Laurence Lafanechère, directeur de recherche à l’iRTSV du CEA Grenoble, a mis au point un test cellulaire pour sélectionner, par criblage à haut débit (30 000 molécules), des agents bloquant notamment la mobilité des cellules métastasiques responsables de la dispersion du cancer dans l’organisme. Après une série de tests in vivo sur plus de 100 kinases, Laurence Lafanechère dispose de la preuve que sa molécule détient une bonne efficacité thérapeutique. Cette molécule se nomme “Liminib”, et elle a ce talent d’inhiber de manière sélective l’enzyme LIM Kinase, une enzyme impliquée dans la motilité des cellules métastasiques. Laurence Lafanechère et son équipe de l’Institut Albert- Bonniot/CNRS, l’ont découverte en mettant au point un test cellulaire permettant de sélectionner, par criblage à haut débit, des agents ciblant des régulateurs du cytosquelette. Alors identifiée, cette molécule a révélé sa toxicité sur certains cancers, y compris ceux ayant développé des mécanismes de résistance aux traitements utilisés en chimiothérapies conventionnelles.

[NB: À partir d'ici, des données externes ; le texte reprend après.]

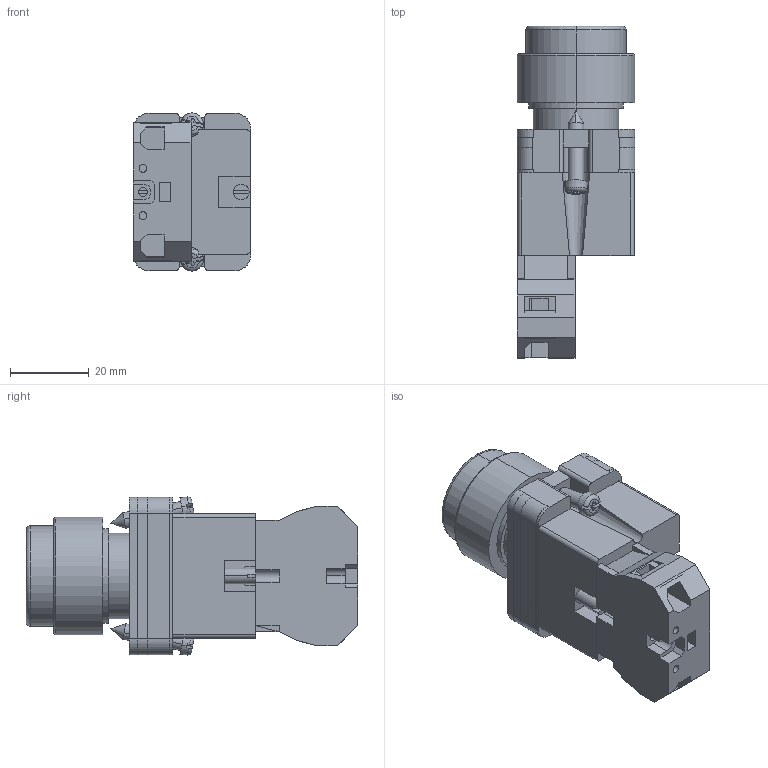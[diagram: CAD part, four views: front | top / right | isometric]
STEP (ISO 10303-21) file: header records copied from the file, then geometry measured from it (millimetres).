
FILE_DESCRIPTION (( 'STEP AP214' ), '1' );
FILE_NAME ('GCX1211-120LA.STEP', '2018-03-27T20:42:54', ( '' ), ( '' ), 'SwSTEP 2.0', 'SolidWorks 2017', '' );
FILE_SCHEMA (( 'AUTOMOTIVE_DESIGN' ));
Length unit declared in the file: inch
Products named in the file (5): ecx1029; ecx1040; GCX1211 OPERATOR; GCX1211-120LA; ECX1050
Assembly tree (4 placements, depth 2):
  GCX1211-120LA
    ecx1029
    ecx1040
    GCX1211 OPERATOR
    ECX1050
Bounding box: 29.91 x 84.3 x 40.16 mm (x, y, z)
Volume: 44596.1 mm3; surface area: 23435 mm2
Topology: 7 solids, 7 shells, 425 faces, 1156 edges, 764 vertices
Faces by surface type: plane 250, cylinder 144, cone 17, torus 14
Entity records: 14020 total; most frequent: CARTESIAN_POINT 2544, DIRECTION 2342, ORIENTED_EDGE 2304, EDGE_CURVE 1152, AXIS2_PLACEMENT_3D 798, VERTEX_POINT 764, LINE 746, VECTOR 746
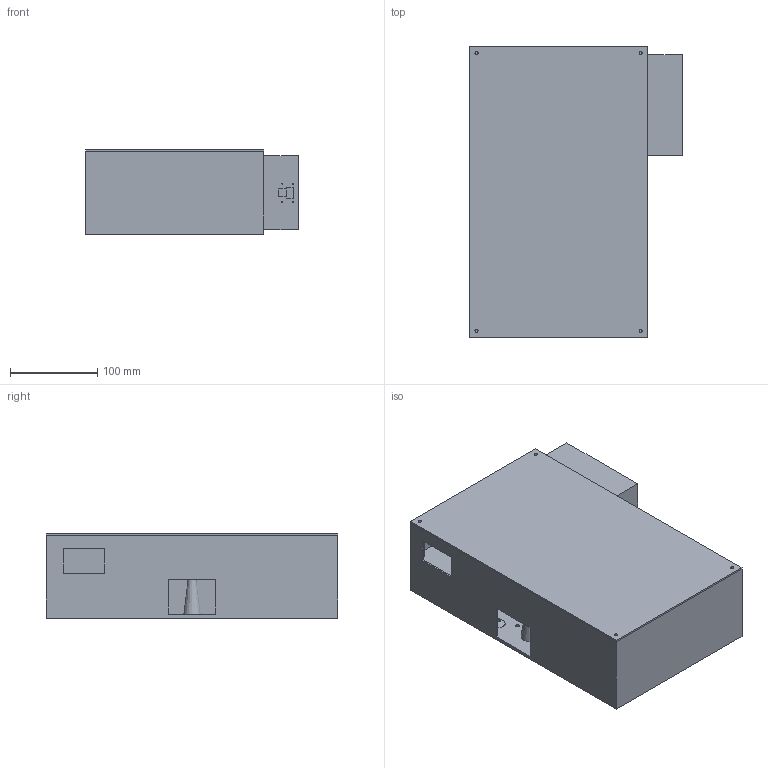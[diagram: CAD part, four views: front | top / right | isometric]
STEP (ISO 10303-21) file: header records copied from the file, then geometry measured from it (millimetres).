
FILE_DESCRIPTION(/* description */ (''),/* implementation_level */ '2;1');
FILE_NAME(/* name */ 'elektronikk boks v28.step',/* time_stamp */ '2025-03-30T21:26:20+02:00',/* author */ (''),/* organization */ (''),/* preprocessor_version */ 'ST-DEVELOPER v20.1',/* originating_system */ 'Autodesk Translation Framework v14.4.0.0',/* authorisation */ '');
FILE_SCHEMA (('AUTOMOTIVE_DESIGN { 1 0 10303 214 3 1 1 }'));
Length unit declared in the file: millimetre
Products named in the file (1): elektronikk boks
Bounding box: 244 x 334 x 96.5 mm (x, y, z)
Volume: 1040942.8 mm3; surface area: 659118.3 mm2
Topology: 4 solids, 4 shells, 510 faces, 1002 edges, 580 vertices
Faces by surface type: plane 403, cylinder 81, cone 26
Full cylindrical faces by diameter (mm): 1 x22, 3 x4, 3.5 x8, 4 x34, 4.5 x5
Entity records: 12772 total; most frequent: DIRECTION 2232, CARTESIAN_POINT 2121, ORIENTED_EDGE 2004, EDGE_CURVE 1002, LINE 766, VECTOR 766, AXIS2_PLACEMENT_3D 733, EDGE_LOOP 640
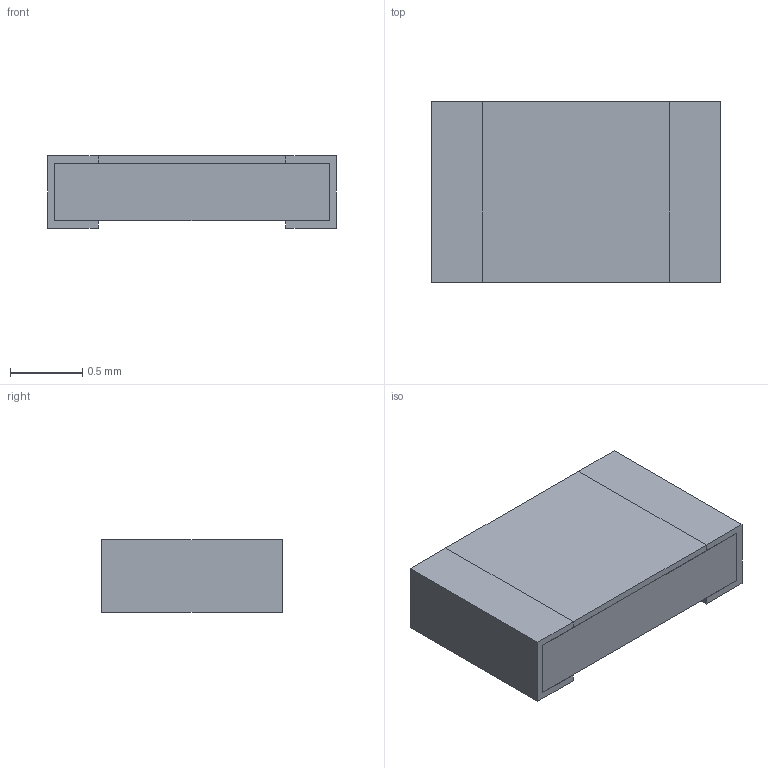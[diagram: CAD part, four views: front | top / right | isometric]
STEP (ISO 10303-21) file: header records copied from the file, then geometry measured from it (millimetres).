
FILE_DESCRIPTION(('Open CASCADE Model'),'2;1');
FILE_NAME('Open CASCADE Shape Model','2019-02-24T19:37:49',('Author'),( 'Open CASCADE'),'Open CASCADE STEP processor 6.8','Open CASCADE 6.8' ,'Unknown');
FILE_SCHEMA(('AUTOMOTIVE_DESIGN_CC2 { 1 2 10303 214 -1 1 5 4 }'));
Length unit declared in the file: millimetre
Products named in the file (5): RESC2012X05N.step; Mid_Body; Terminal; Open CASCADE STEP translator 6.8 19.2.1; Mark
Assembly tree (5 placements, depth 3):
  RESC2012X05N.step
    Mid_Body
    Terminal  x2
      Open CASCADE STEP translator 6.8 19.2.1
    Mark
Bounding box: 2 x 1.25 x 0.5 mm (x, y, z)
Volume: 1.2 mm3; surface area: 16.7 mm2
Topology: 4 solids, 4 shells, 32 faces, 72 edges, 48 vertices
Faces by surface type: plane 32
Entity records: 1331 total; most frequent: CARTESIAN_POINT 208, DIRECTION 196, LINE 140, VECTOR 140, ORIENTED_EDGE 96, PCURVE 96, DEFINITIONAL_REPRESENTATION 96, EDGE_CURVE 48

Explication de Laurence Lafanechère : « La plupart des thérapies contre le cancer se focalisent sur les tumeurs primaires alors que les métastases sont encore aujourd’hui à l’origine de 90 % de la mortalité. De nouveaux médicaments, actifs sur les cancers résistants et empêchant la formation de métastases constitueraient une percée thérapeutique majeure. » Comment agiraient ces médicaments ? « Les microtubules sont des filaments enchevêtrés que la cellule assemble ou désassemble pour en faire des autoroutes, pour transporter tout ce qu’il faut d’un endroit à l’autre ou pour construire l’appareil mitotique, qui permet à la cellule de se diviser correctement et de distribuer comme il faut les chromosomes lors de la division. »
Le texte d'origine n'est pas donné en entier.